- EXERCISE DESCRIPTION -
As you reproduce every line below, keep it exactly as written and leave out the images.

- DATA RECORDS -

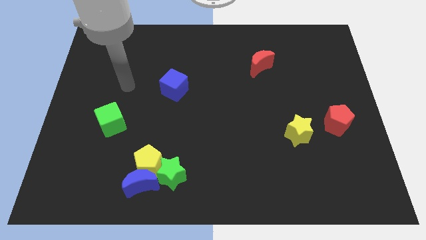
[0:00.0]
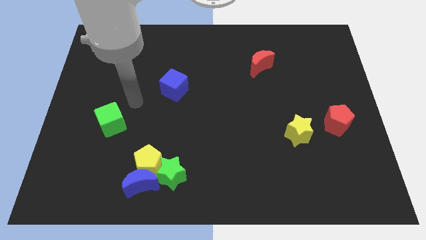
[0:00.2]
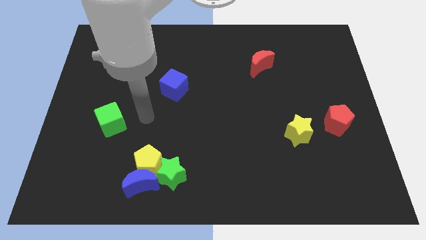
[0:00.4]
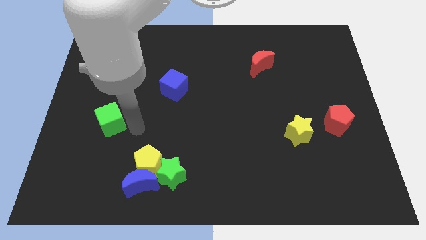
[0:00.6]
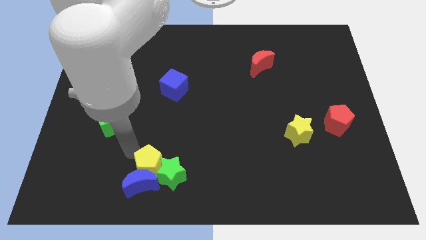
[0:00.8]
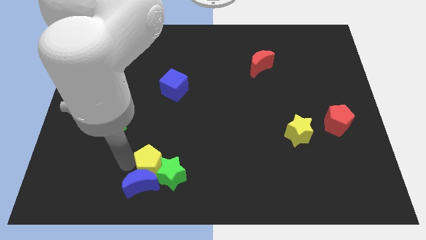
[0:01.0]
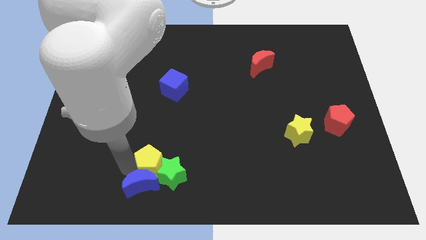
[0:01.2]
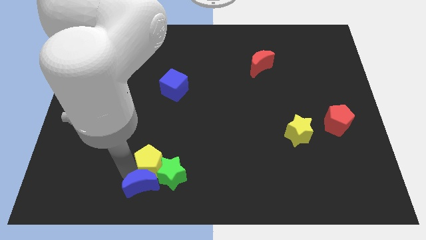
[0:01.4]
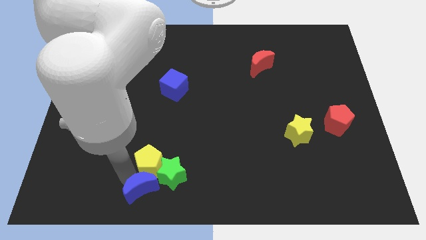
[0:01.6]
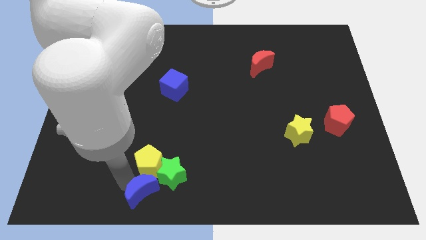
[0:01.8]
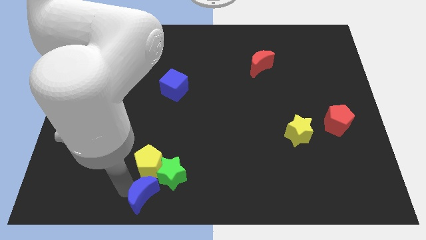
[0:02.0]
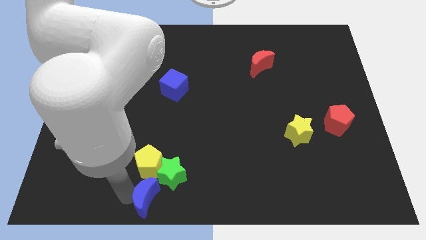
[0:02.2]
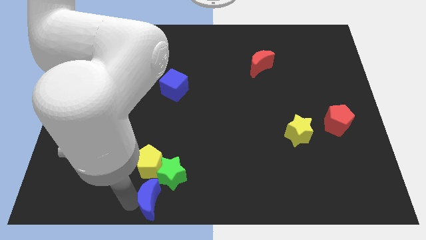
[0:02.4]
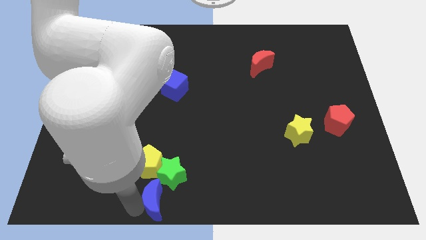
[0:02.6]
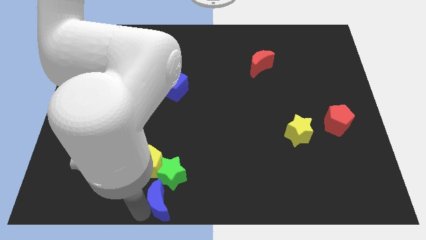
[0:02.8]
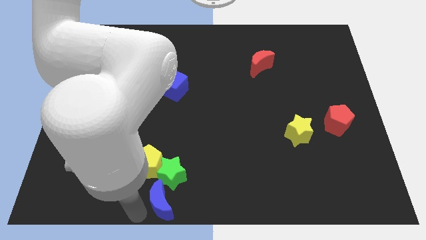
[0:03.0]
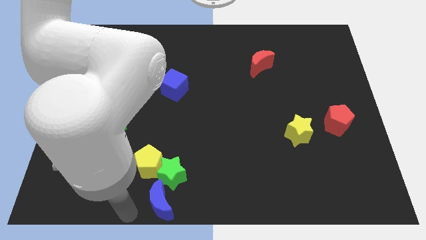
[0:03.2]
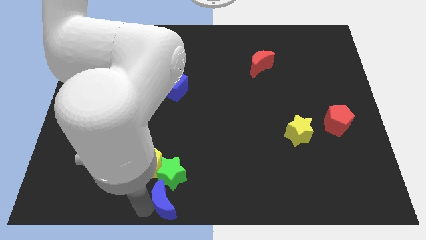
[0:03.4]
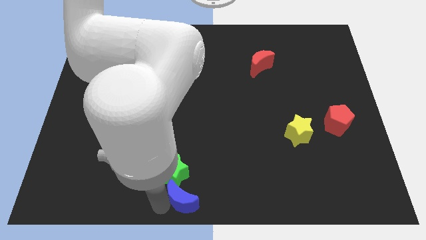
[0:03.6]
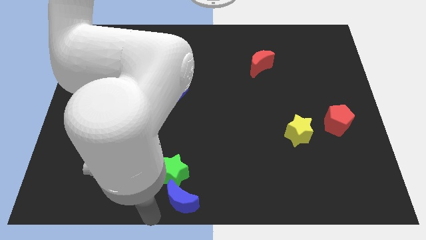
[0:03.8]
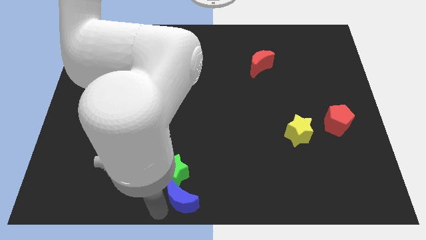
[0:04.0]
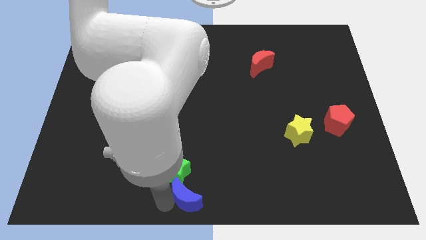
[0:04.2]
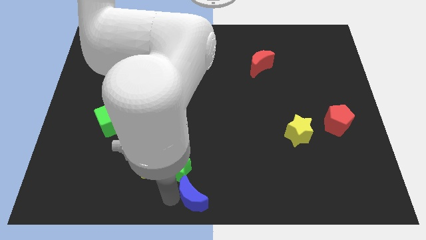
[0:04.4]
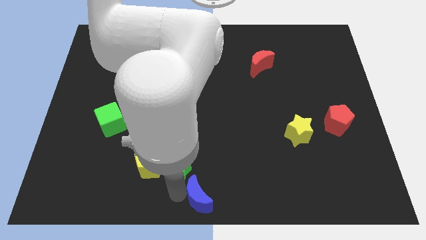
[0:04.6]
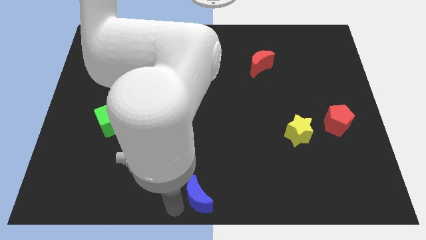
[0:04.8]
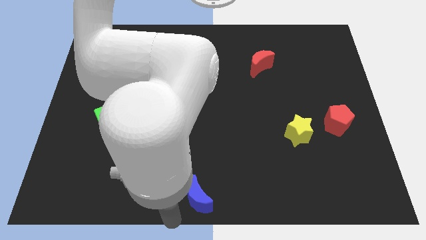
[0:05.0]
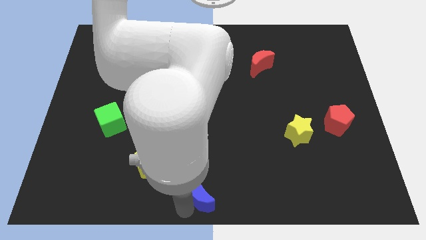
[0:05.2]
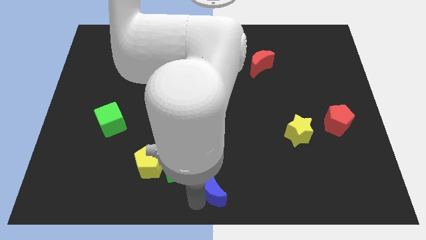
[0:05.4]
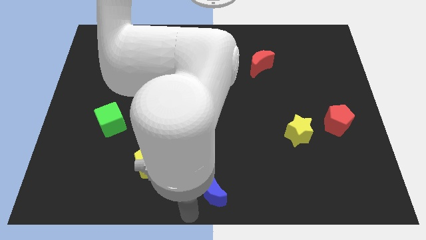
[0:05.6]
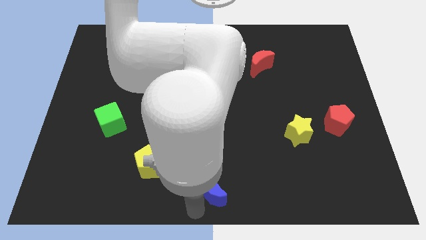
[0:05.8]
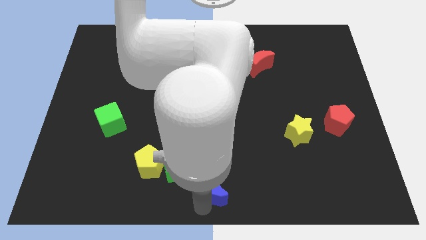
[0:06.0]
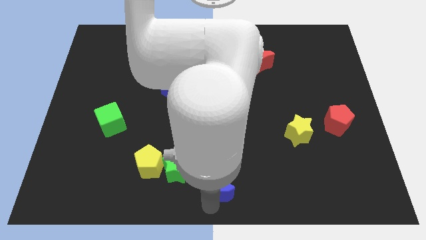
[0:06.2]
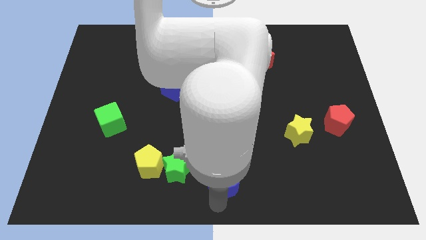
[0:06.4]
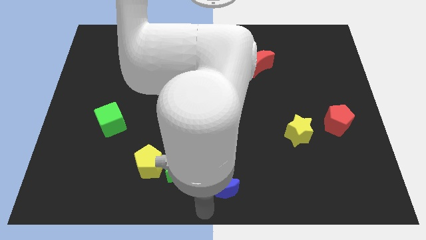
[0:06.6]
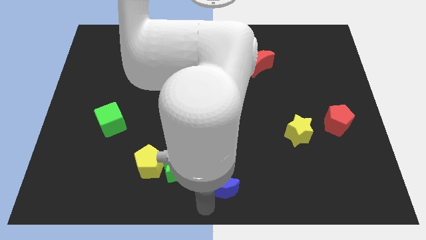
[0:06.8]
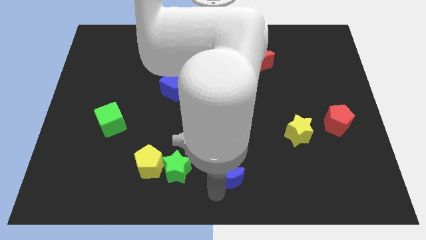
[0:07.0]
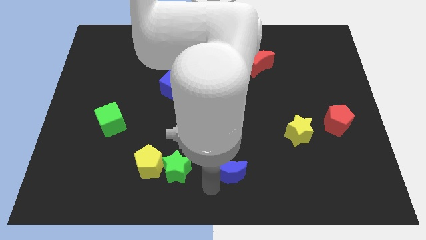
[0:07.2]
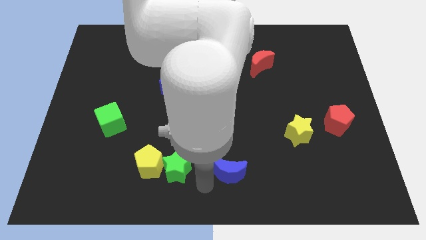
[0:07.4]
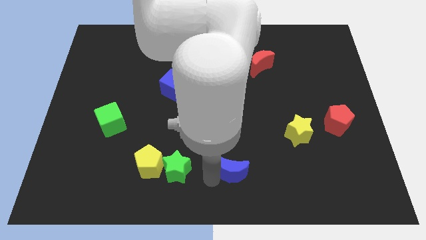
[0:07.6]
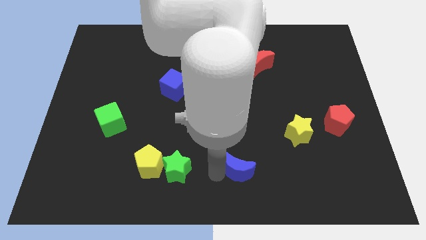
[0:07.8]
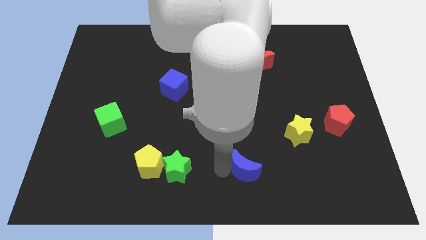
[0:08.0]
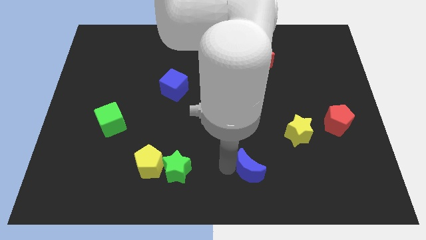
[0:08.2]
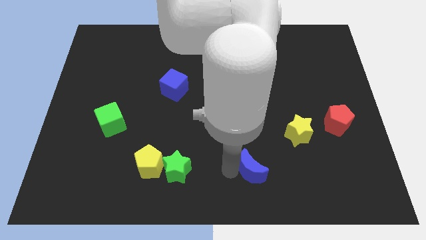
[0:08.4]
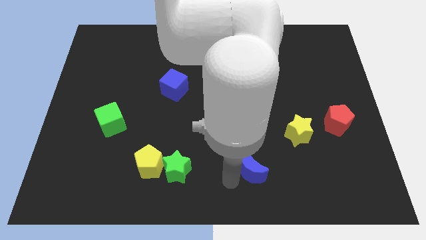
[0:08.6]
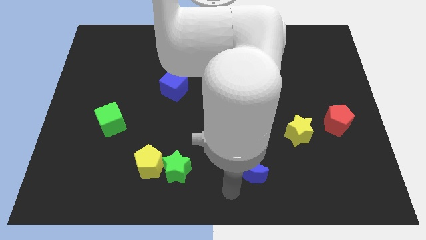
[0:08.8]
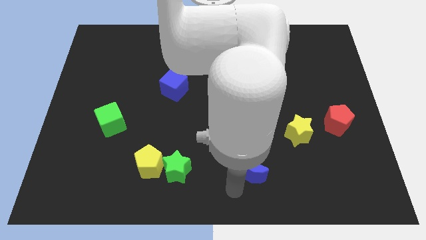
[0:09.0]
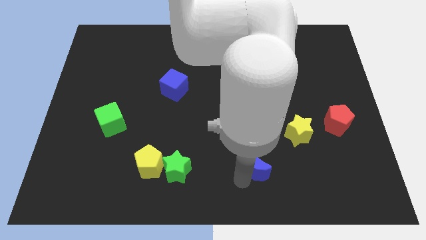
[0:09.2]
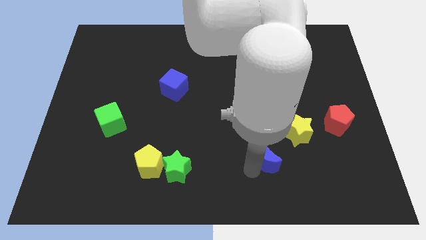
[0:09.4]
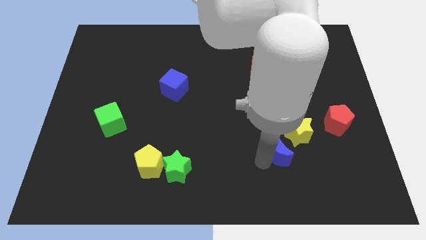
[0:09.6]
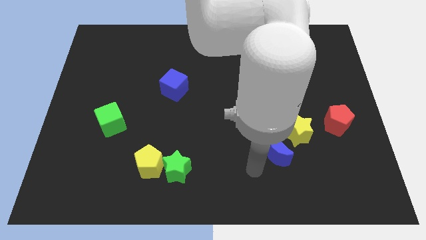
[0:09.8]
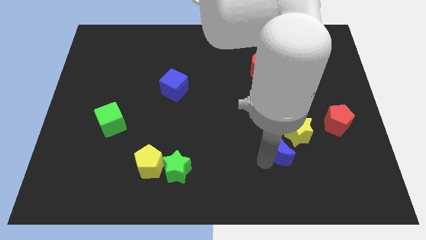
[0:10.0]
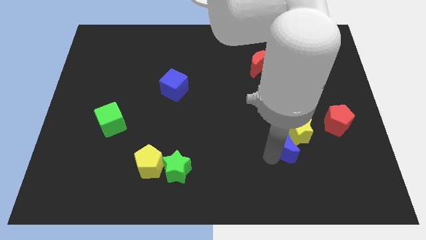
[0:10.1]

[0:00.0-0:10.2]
move the blue moon close to the yellow star

- SOLUTION -
[0:00.0]
[0:00.2]
[0:00.4]
[0:00.6]
[0:00.8]
[0:01.0]
[0:01.2]
[0:01.4]
[0:01.6]
[0:01.8]
[0:02.0]
[0:02.2]
[0:02.4]
[0:02.6]
[0:02.8]
[0:03.0]
[0:03.2]
[0:03.4]
[0:03.6]
[0:03.8]
[0:04.0]
[0:04.2]
[0:04.4]
[0:04.6]
[0:04.8]
[0:05.0]
[0:05.2]
[0:05.4]
[0:05.6]
[0:05.8]
[0:06.0]
[0:06.2]
[0:06.4]
[0:06.6]
[0:06.8]
[0:07.0]
[0:07.2]
[0:07.4]
[0:07.6]
[0:07.8]
[0:08.0]
[0:08.2]
[0:08.4]
[0:08.6]
[0:08.8]
[0:09.0]
[0:09.2]
[0:09.4]
[0:09.6]
[0:09.8]
[0:10.0]
[0:10.1]

[0:00.0-0:10.2]
move the blue moon close to the yellow star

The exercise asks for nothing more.